Ингигерда гладила собаку по голове, по мягким лохматым ушам, ласково разговаривала с ней:
– Ты молодец, ты верная, Рюд, – улыбнулась сама себе; старой Бюрн рядом не было, и Ингигерда разговаривала с собакой, не обращая внимания на больного. – Рюд, Рюд, собачка…
За эти дни Ингигерда настолько привыкла к присутствию раненого чужака, как к чему-то безликому, как к вещи, что уже почти не замечала его.
– Красивая… Рюд…
– Её не так зовут…
Рука Ингигерды замерла в воздухе, не коснувшись головы собаки, да и овчарка сама вскинулась на тихий голос хозяина, навострила уши, не сводя карих глаз с его лица.
Ингигерда медленно повернула голову и встретилась взглядом с глазами чужака. Нахмурилась, чувствуя некоторую злость, словно с ней вдруг заговорил предмет мебели, сундук, например, или скамья. Но незнакомец смотрел прямо, огромные серые глаза его на похудевшем с болезненно впалыми щеками лице смотрели неподвижно, как будто он был незрячим, но губы негромко шепнули:
– Её зовут Скальди…
Скальди? Ингигерда поджала губы. Что за шутка? Как одну из норн, ту, что обрезает нить жизни. Разве можно так? Хотя…

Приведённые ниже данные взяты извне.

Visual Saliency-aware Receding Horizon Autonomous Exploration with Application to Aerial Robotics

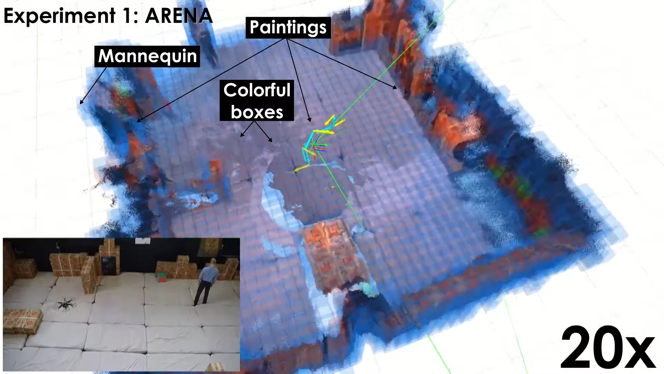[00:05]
we present autonomous visual saliency aware receding horizon exploration using aerial robots.
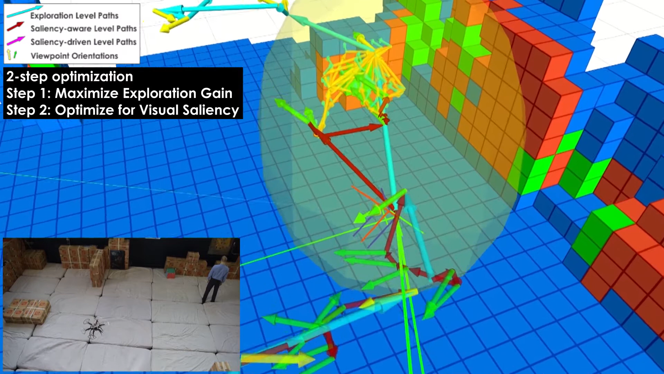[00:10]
Through a model of visual attention, incrementally built maps are annotated regarding the visual saliency of different objects and entities in the environment.
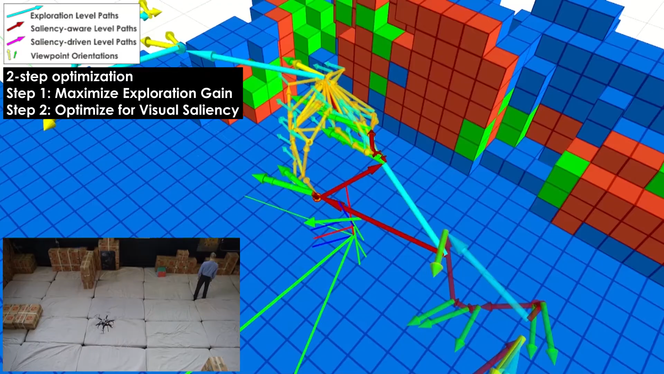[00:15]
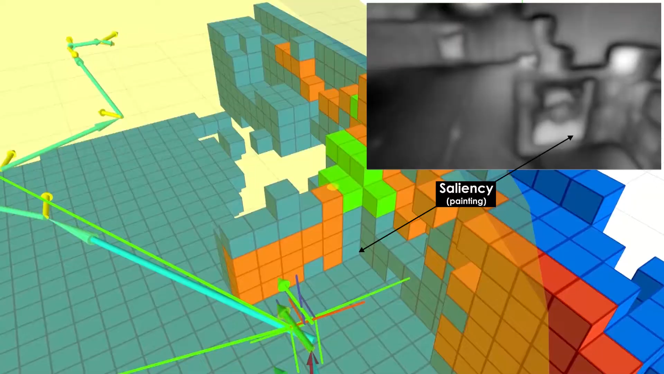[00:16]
Provided this information,
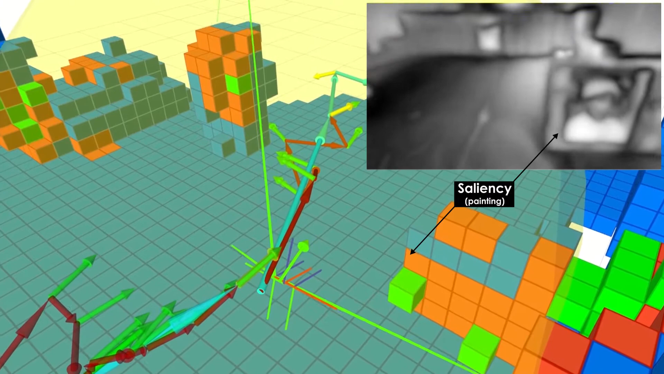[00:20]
a path planning strategy that simultaneously optimizes for exploring unknown space and directing the robot's attention to better observed salient regions is developed.
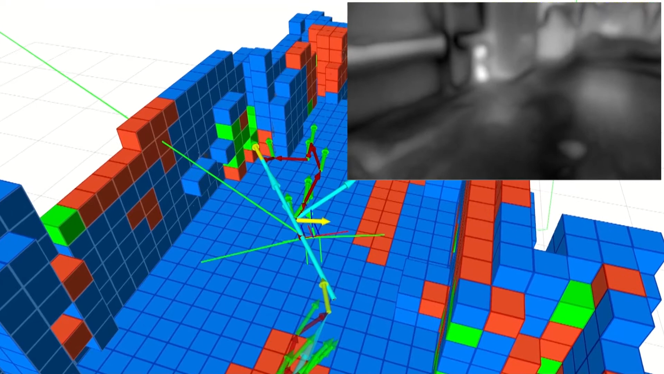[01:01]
Namely, a room with paintings and a mannequin, as well as a machine shop with warning signs of fire extinguishing, now is it a fire extinguisher. Thank you.

Она резко поднялась на ноги. Глаза незнакомца переместились чуть ниже, на девичьи колени, где к подолу платья пристали сухие соломины.

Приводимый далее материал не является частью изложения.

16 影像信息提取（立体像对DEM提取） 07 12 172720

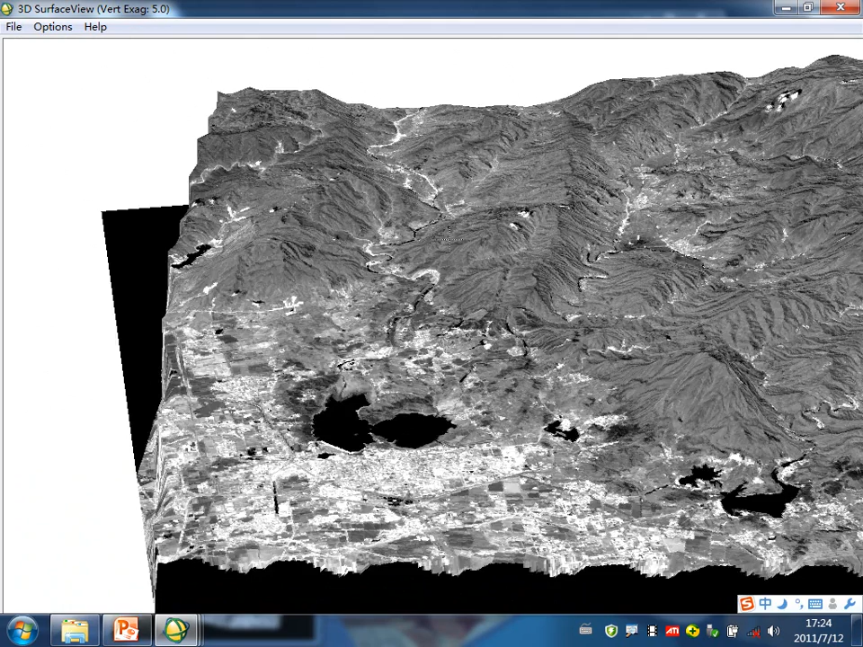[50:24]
我可以就是变成这么一个三维的一个简单的场景，但这个比较简单哈，就是所以我是这次练习就没讲这个内容，
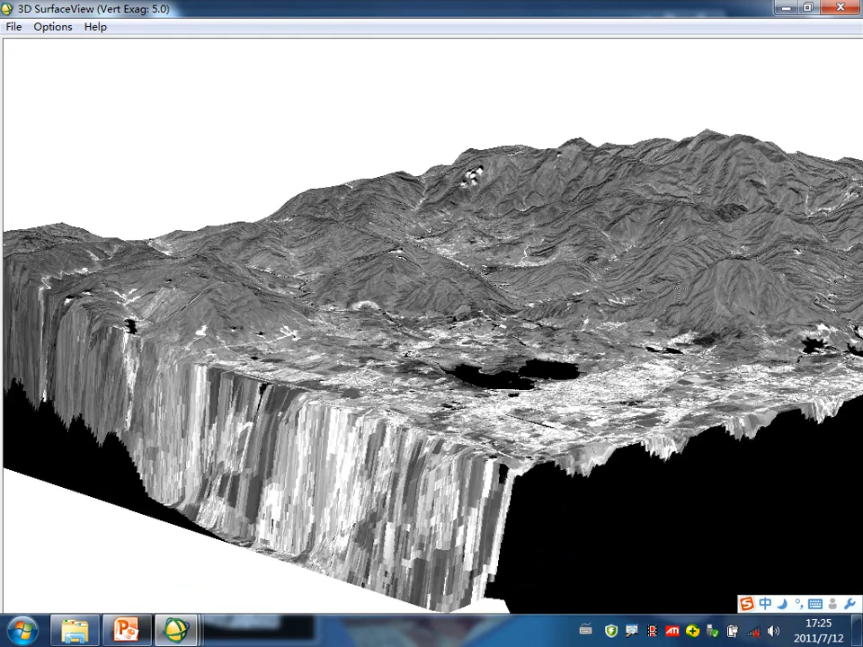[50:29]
主要是这个太简单了，跟那个 RGB 的相比真是小菜一碟。
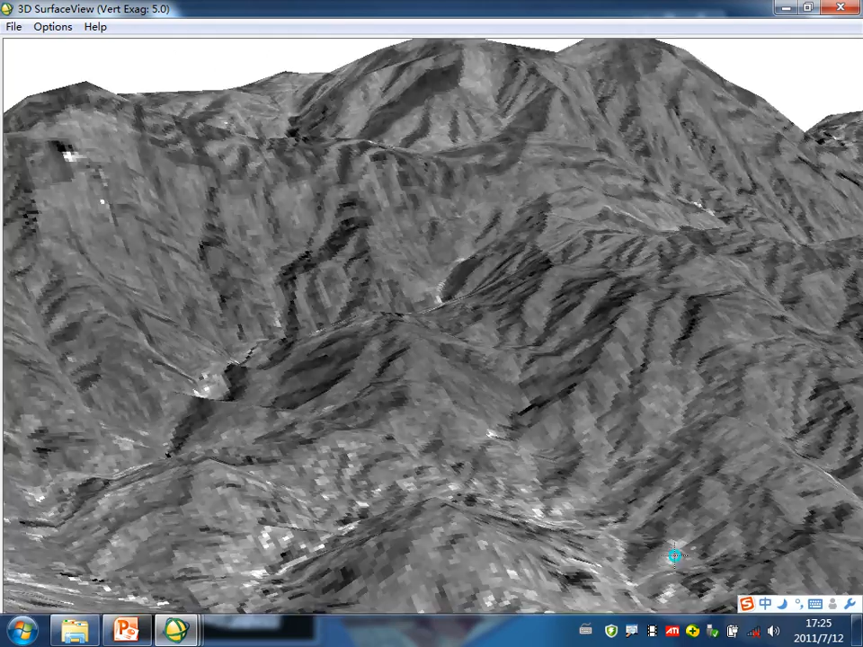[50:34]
啊，这是大概应该说还是比较精确的，就是地形，就山该起来还起来，该下去的下去，然后该平的还是平的。
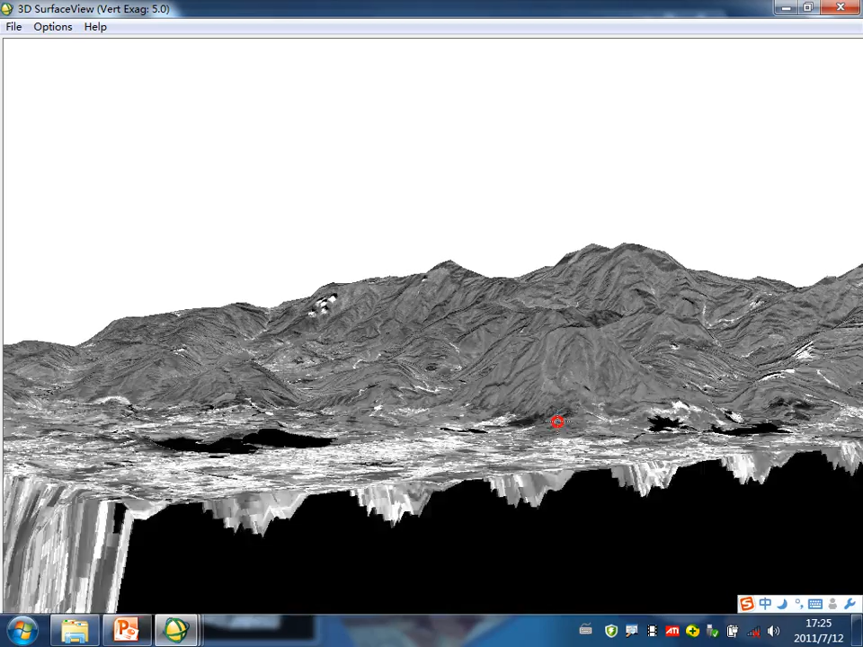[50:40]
就这么一个这么一个结果出来。
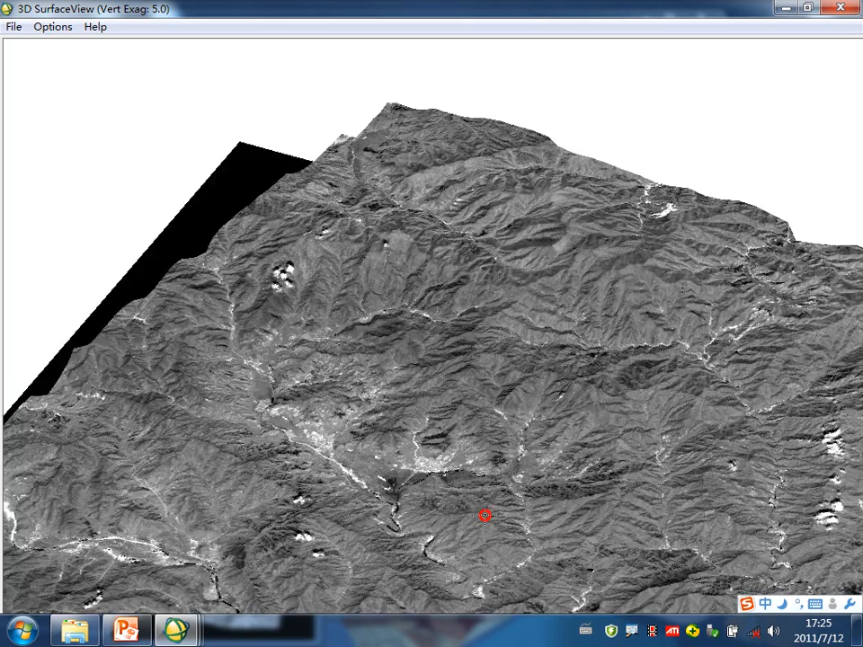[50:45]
好，这是那个我们说的利用 DM 数据的话，可以做一些那个震慑啊，做一些三维场景的构建啊等这一些操作。
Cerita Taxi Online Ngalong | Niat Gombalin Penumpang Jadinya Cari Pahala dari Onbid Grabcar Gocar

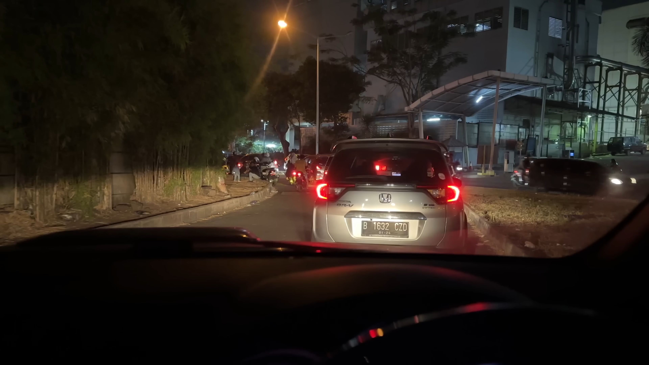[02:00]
Buset, lezat banget nih macetnya. Parah.
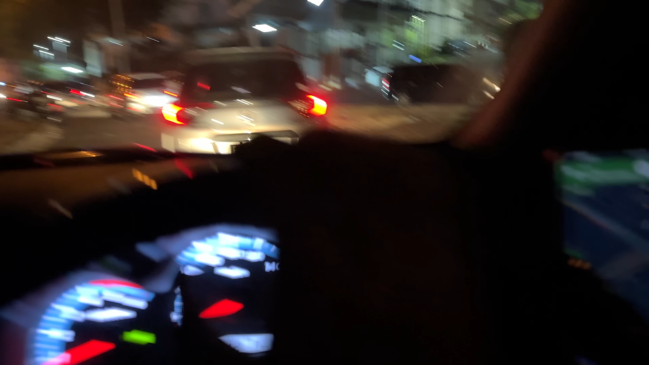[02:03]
Orang tinggal ke depan gitu doang aja udah 5 menitan kali gue di sini.
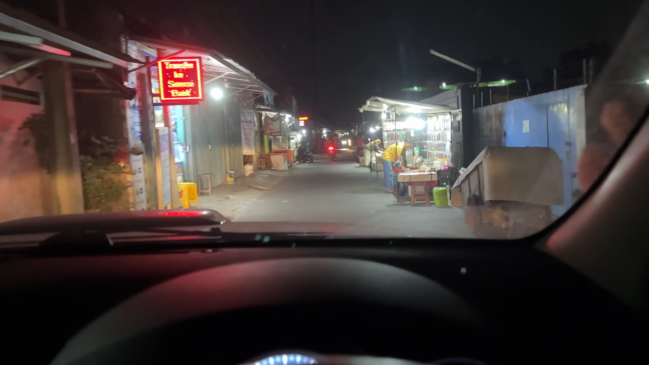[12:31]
Dibawa ke jalanan-jalanan kayak sempit banget.

– Может, ты ещё скажешь, как и тебя зовут? – спросила резко, зная, что чужак всё равно не ответит.
Но он выдохнул с хрипом:
– Арн… Арн… – примолк вдруг, болезненно прикусив губу или вспомнив что-то. Он силился назвать имя полностью, но так и не договорил, отвернулся, закрывая глаза, только губы ещё раз шепнули неслышно, но Ингигерда сумела прочесть по губам: – Арн…
– Кто твой отец? Откуда ты? Есть ли у тебя родственники? Как твоё полное имя? – Ингигерда засыпала его вопросами, но ни на один не получила ответа. Нахмурилась недовольно. Возможно, он не слышал её, ведь он всё ещё был болен. Да и была ли ясной его голова? Вот это вопрос.
Губы Ингигерды шепнули слова заклинательной руны от колдовства и бед, а то передаст ещё этот странный человек ей свою болезнь или помутнение рассудка.
Фу! Фу! Фу! Тролли его забери!
Ингигерда поспешно вышла из конюшни, произошедшее разозлило её, и до вечера настроение было плохим, пока она не сорвалась на Висмунда из-за какой-то ерунды.
* * *
Пару дней она не показывалась у него, но потом припасла вяленую салаку и принесла её овчарке. Пока собака ела, Ингигерда смотрела на неё, склонив голову на бок, и приговаривала ласковым шёпотом:
– Скальди… Скальди…
Старая Бюрн в это время мокрой тряпкой протирала руки и лицо больного чужака.
У него началась лихорадка, и в последние дни держался жар. Бюрн пыталась сгонять его, остужая холодной водой. Мать Ингигерды тоже так делала, когда Висмунд болел простудой, и у него был жар. Все матери одинаковые. Хотя Бюрн совсем не мать ему, и он, наверное, даже не замечает её.